I hope that I didn't bore you with my over-analyzing tendencies. Rest assured that I did not get all of this stuff the first time I watched it. It was whenever I watched asking myself, "Why do I like this movie so much?" I feel like we see what we choose to look for. Always remember that in any place, situation, job, class, and relationship, you can find flaws. But if you choose to look for good things, you can find them. Just don't forget to look.

The Lord bless and keep you, may His face shine upon you and be gracious and give you peace. ~ Numbers 6:24-26

Wednesday, October 12, 2011

Easier Said Than Done

I really don't like that cliche very much: "Easier said than done". I mean, it's true, but never really very helpful, because right after you say it you still have to do what you said would be hard to do. I guess I usually prefer to just do it instead of talking about how hard it's going to be.
With that in mind, it's kind of silly that I talked so long about how hard this would be that I ran out of time to actually do it.
But there have been times in my life that I've walked up to people and joined their group! The first week of school was like this. Meals were...interesting...and usually pretty quick because there weren't many people with whom to talk. I can name three times off the top of my head that I joined people who were by themselves. Once there was a guy by himself and when I asked if he was alone, he said, "Oh no, I've got some people coming." I just said "Oh" and kept going. He said it in a brisk tone, and when I sat down with some people I had met before, I commented on his tone. I don't know if he heard me, but a few minutes later he came over and said he was sorry for his tone, he was just surprised that I had offered and didn't mean to be rude. I told him I was grateful for his apology and said that it was okay, I understood. I can't remember his name and probably wouldn't recognize his face if I saw it again. But that experience will stay with me for a long time and always challenge me to consider and reconsider other people's feelings.
There was another time I sat down with a girl I had seen on my hall a lot of times but had never met, so I sat down with her even though she was wearing headphones and looked just as happy by herself. I knew that sometimes when I do something like that, I'm testing to see if there are people friendly enough to be willing to break through a few small walls. We had a great conversation and discovered that we have a few of the same interests and similar tastes in music. We haven't really talked much since then, but I am glad to know her and to have gotten to share a meal with her.

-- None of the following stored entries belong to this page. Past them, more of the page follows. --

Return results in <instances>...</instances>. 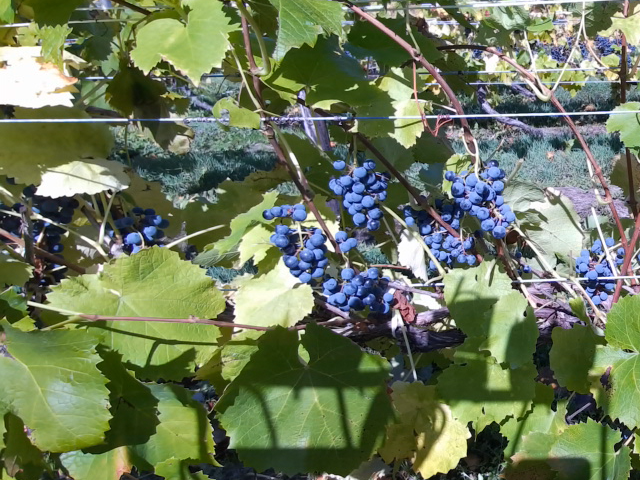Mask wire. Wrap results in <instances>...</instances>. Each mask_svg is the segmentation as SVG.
<instances>
[{
  "label": "wire",
  "mask_w": 640,
  "mask_h": 480,
  "mask_svg": "<svg viewBox=\"0 0 640 480\" xmlns=\"http://www.w3.org/2000/svg\"><path fill=\"white\" fill-rule=\"evenodd\" d=\"M609 114H626L640 115V110L628 109H606V110H589V111H548V112H519V113H503V112H483V113H456V114H418V115H392V116H264L260 118L261 122L266 121H394V120H420V119H459V118H485V117H501V118H521L534 117L544 119L545 117L561 116H591V115H609Z\"/></svg>",
  "instance_id": "obj_1"
},
{
  "label": "wire",
  "mask_w": 640,
  "mask_h": 480,
  "mask_svg": "<svg viewBox=\"0 0 640 480\" xmlns=\"http://www.w3.org/2000/svg\"><path fill=\"white\" fill-rule=\"evenodd\" d=\"M130 122H149V123H198L208 122L217 123V118L211 117H196V118H151V117H127V118H105V119H91V118H41V119H15V118H1L0 124L13 123V124H60V123H89V124H107V123H130Z\"/></svg>",
  "instance_id": "obj_2"
},
{
  "label": "wire",
  "mask_w": 640,
  "mask_h": 480,
  "mask_svg": "<svg viewBox=\"0 0 640 480\" xmlns=\"http://www.w3.org/2000/svg\"><path fill=\"white\" fill-rule=\"evenodd\" d=\"M588 277H530L523 279H510V284H525L532 282H554V283H563V282H588Z\"/></svg>",
  "instance_id": "obj_3"
}]
</instances>
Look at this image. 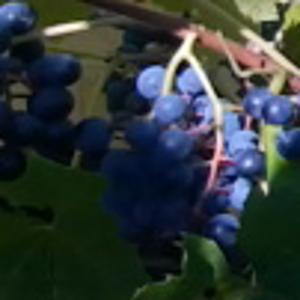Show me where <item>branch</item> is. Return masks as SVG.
<instances>
[{
	"instance_id": "obj_1",
	"label": "branch",
	"mask_w": 300,
	"mask_h": 300,
	"mask_svg": "<svg viewBox=\"0 0 300 300\" xmlns=\"http://www.w3.org/2000/svg\"><path fill=\"white\" fill-rule=\"evenodd\" d=\"M88 3L91 6H100L119 12L123 17L134 22L164 29L168 35L181 39L191 36L195 45L230 56L255 71H261L271 65V59L266 54L233 42L193 19L178 15L172 17L162 15L147 6L128 0H88Z\"/></svg>"
}]
</instances>
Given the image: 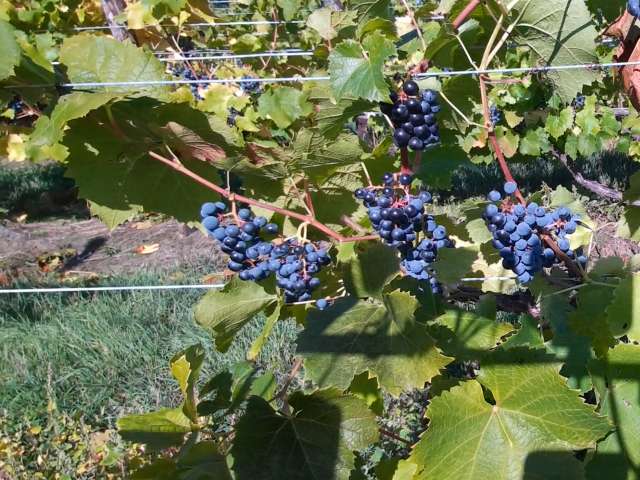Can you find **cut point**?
Masks as SVG:
<instances>
[{
    "label": "cut point",
    "instance_id": "6a23745f",
    "mask_svg": "<svg viewBox=\"0 0 640 480\" xmlns=\"http://www.w3.org/2000/svg\"><path fill=\"white\" fill-rule=\"evenodd\" d=\"M310 224H311V223H309V222H307V221H301V222L298 224V226H297V229H296V235H297V236H300V235H301V231H302V229H303L302 236H303V237H306V236H307V234H308V225H310Z\"/></svg>",
    "mask_w": 640,
    "mask_h": 480
}]
</instances>
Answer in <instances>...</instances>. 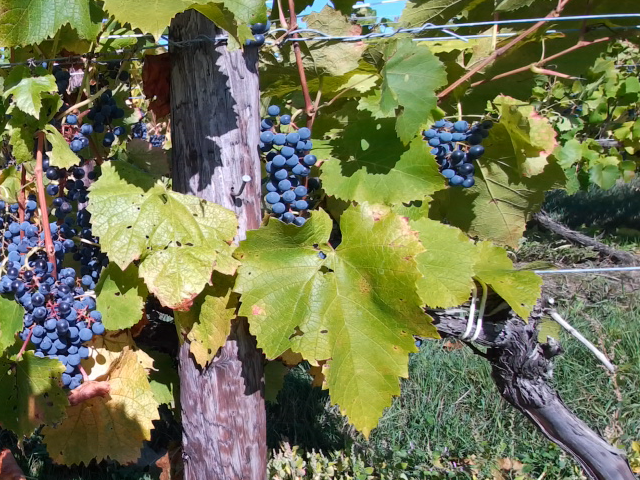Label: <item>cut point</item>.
Wrapping results in <instances>:
<instances>
[{
	"mask_svg": "<svg viewBox=\"0 0 640 480\" xmlns=\"http://www.w3.org/2000/svg\"><path fill=\"white\" fill-rule=\"evenodd\" d=\"M304 114H307V112H306L305 108H304V109L299 108V109L295 110V111L292 113V115H291V119H292V120H295L298 116H302V115H304Z\"/></svg>",
	"mask_w": 640,
	"mask_h": 480,
	"instance_id": "1",
	"label": "cut point"
}]
</instances>
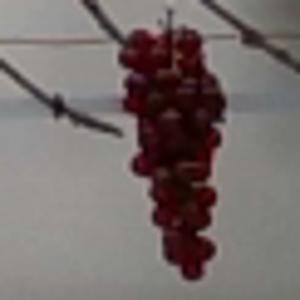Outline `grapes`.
Masks as SVG:
<instances>
[{"mask_svg": "<svg viewBox=\"0 0 300 300\" xmlns=\"http://www.w3.org/2000/svg\"><path fill=\"white\" fill-rule=\"evenodd\" d=\"M204 50L198 28L170 29L153 37L137 27L117 54L118 64L128 71L121 107L136 118L141 150L131 156L128 169L135 178L150 180L148 195L156 204L151 222L162 232V259L190 285L204 281L206 264L218 253L215 240L199 234L212 225L211 211L218 203L217 190L208 181L224 135L214 120L230 107Z\"/></svg>", "mask_w": 300, "mask_h": 300, "instance_id": "01657485", "label": "grapes"}]
</instances>
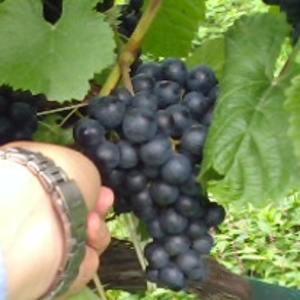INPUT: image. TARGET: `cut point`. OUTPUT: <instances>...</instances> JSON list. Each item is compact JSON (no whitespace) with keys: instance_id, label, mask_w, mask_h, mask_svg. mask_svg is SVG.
<instances>
[{"instance_id":"obj_1","label":"cut point","mask_w":300,"mask_h":300,"mask_svg":"<svg viewBox=\"0 0 300 300\" xmlns=\"http://www.w3.org/2000/svg\"><path fill=\"white\" fill-rule=\"evenodd\" d=\"M130 74H131V63L129 62L124 75L121 77V82L124 85V87L128 86L131 83V79L129 78Z\"/></svg>"}]
</instances>
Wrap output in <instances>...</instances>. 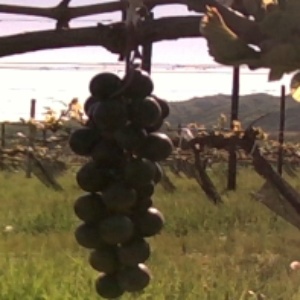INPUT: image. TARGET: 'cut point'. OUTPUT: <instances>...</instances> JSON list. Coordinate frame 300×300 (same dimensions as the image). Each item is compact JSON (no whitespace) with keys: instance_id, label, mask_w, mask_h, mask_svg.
I'll use <instances>...</instances> for the list:
<instances>
[{"instance_id":"cut-point-1","label":"cut point","mask_w":300,"mask_h":300,"mask_svg":"<svg viewBox=\"0 0 300 300\" xmlns=\"http://www.w3.org/2000/svg\"><path fill=\"white\" fill-rule=\"evenodd\" d=\"M134 27L130 26L127 31V39L125 45V75L130 72V50Z\"/></svg>"}]
</instances>
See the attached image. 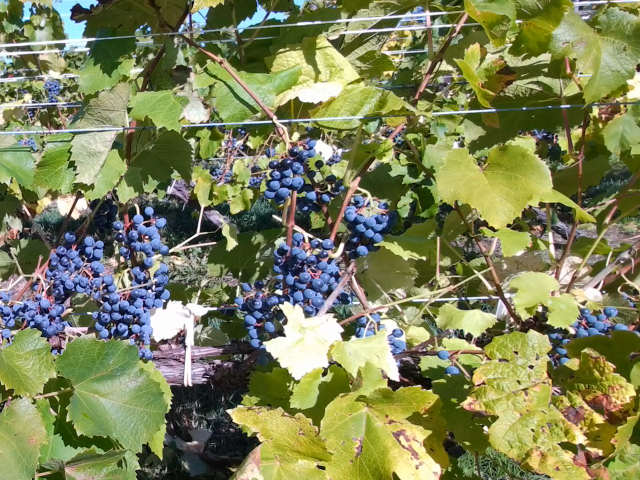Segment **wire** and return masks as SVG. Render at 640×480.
<instances>
[{
	"mask_svg": "<svg viewBox=\"0 0 640 480\" xmlns=\"http://www.w3.org/2000/svg\"><path fill=\"white\" fill-rule=\"evenodd\" d=\"M463 15L462 11H448V12H430V13H397L394 15H385L380 17H342L338 19H314L307 21H298L291 23H281L273 25H260V26H237L227 28H207L194 31H170L161 33H144L130 36H99V37H87V38H67L65 40H38L32 42L1 44V49H14V48H26L40 45H66V44H84L85 42H101V41H132L146 38H163L172 36H196L209 33H230L239 32L240 29H268V28H293L301 26H309L316 24H341L345 22H383L387 20H396L400 18H447V17H460Z\"/></svg>",
	"mask_w": 640,
	"mask_h": 480,
	"instance_id": "obj_1",
	"label": "wire"
},
{
	"mask_svg": "<svg viewBox=\"0 0 640 480\" xmlns=\"http://www.w3.org/2000/svg\"><path fill=\"white\" fill-rule=\"evenodd\" d=\"M89 48L88 47H78V48H71V49H44V50H29V49H22L20 51H14V52H0V57H16V56H22V55H46V54H73V53H80V52H88Z\"/></svg>",
	"mask_w": 640,
	"mask_h": 480,
	"instance_id": "obj_7",
	"label": "wire"
},
{
	"mask_svg": "<svg viewBox=\"0 0 640 480\" xmlns=\"http://www.w3.org/2000/svg\"><path fill=\"white\" fill-rule=\"evenodd\" d=\"M154 125H130L108 128H75V129H44V130H22V131H0V136H25V135H46V134H78V133H111L133 130H154Z\"/></svg>",
	"mask_w": 640,
	"mask_h": 480,
	"instance_id": "obj_3",
	"label": "wire"
},
{
	"mask_svg": "<svg viewBox=\"0 0 640 480\" xmlns=\"http://www.w3.org/2000/svg\"><path fill=\"white\" fill-rule=\"evenodd\" d=\"M271 119H262L256 121H230V122H206L201 124H183V129H203L209 127H232V126H258L271 124Z\"/></svg>",
	"mask_w": 640,
	"mask_h": 480,
	"instance_id": "obj_6",
	"label": "wire"
},
{
	"mask_svg": "<svg viewBox=\"0 0 640 480\" xmlns=\"http://www.w3.org/2000/svg\"><path fill=\"white\" fill-rule=\"evenodd\" d=\"M380 119H381L380 115H376V116L358 115V116L327 117V118L313 117V118H300V119H292V120L279 119L278 123L285 124V125H295V124H302V123H315V122H321V121H323L324 123H330V122H348V121H361V120L378 121Z\"/></svg>",
	"mask_w": 640,
	"mask_h": 480,
	"instance_id": "obj_5",
	"label": "wire"
},
{
	"mask_svg": "<svg viewBox=\"0 0 640 480\" xmlns=\"http://www.w3.org/2000/svg\"><path fill=\"white\" fill-rule=\"evenodd\" d=\"M454 23L446 24H420L405 27H378V28H359L355 30H342L341 34L344 36H353L362 33H380V32H408L422 29H449L454 28Z\"/></svg>",
	"mask_w": 640,
	"mask_h": 480,
	"instance_id": "obj_4",
	"label": "wire"
},
{
	"mask_svg": "<svg viewBox=\"0 0 640 480\" xmlns=\"http://www.w3.org/2000/svg\"><path fill=\"white\" fill-rule=\"evenodd\" d=\"M638 100H617V101H608V102H583V103H562L556 105H538V106H521L510 109H498V108H483V109H474V110H446L441 112H431V117H443L448 115H476V114H485V113H496V114H512L524 111H540V110H550L556 111L558 109L565 108H585V107H610V106H619V105H638Z\"/></svg>",
	"mask_w": 640,
	"mask_h": 480,
	"instance_id": "obj_2",
	"label": "wire"
}]
</instances>

What I learned from those experiences is that being friendly is always rewarded. Even if you don't make a new friend, you might just help make someone's day just a little bit better. And that's always a good thing.

Wednesday, October 5, 2011

While There's Time, There's Hope

Dreams. Living. Calling. Stop.
Wishing. Regrets. Pain. Stop.
Tears. Bruises. Scars. Stop.
But. I. Just. Can't. Stop.

I DON'T KNOW!!!

This is the third draft, the third attempt to do this blog. I have no dreams except ones that are falling apart and morphing into something else entirely. I used to think that after school I would marry my boyfriend, raise children and live happily ever after. I used to think that school would be simple and require minimal effort like high school. I thought so many things.
Now my boyfriend hasn't called me in three weeks. School is stressful, confusing, and great all at the same time. I used to have a keyboard, a place that relieved my stress anytime of day or night. Now I have a piano with a low G that sticks, a flat A, and pedals that don't work that I am only allowed to play from 10 AM to 10 PM. I used to get paid every night I worked, always having cash on hand. Now I had I to postpone a Wal-Mart trip so that I could transfer money from my savings to checking account. I used to be able to walk up to my mom or sister or boyfriend and just ask them to hold me, and they would. Now I'm starved for a real hug from a close friend in a way I never thought would be possible.
Dreams are lies! They are deceivers. They promise hope and leave you with tears and scars. They are over-rated. People waste their lives, spending time on money and money on people and people on time. It is a sick cycle that perpetuates and escalates. Then you die. And your dreams laugh as you slip away.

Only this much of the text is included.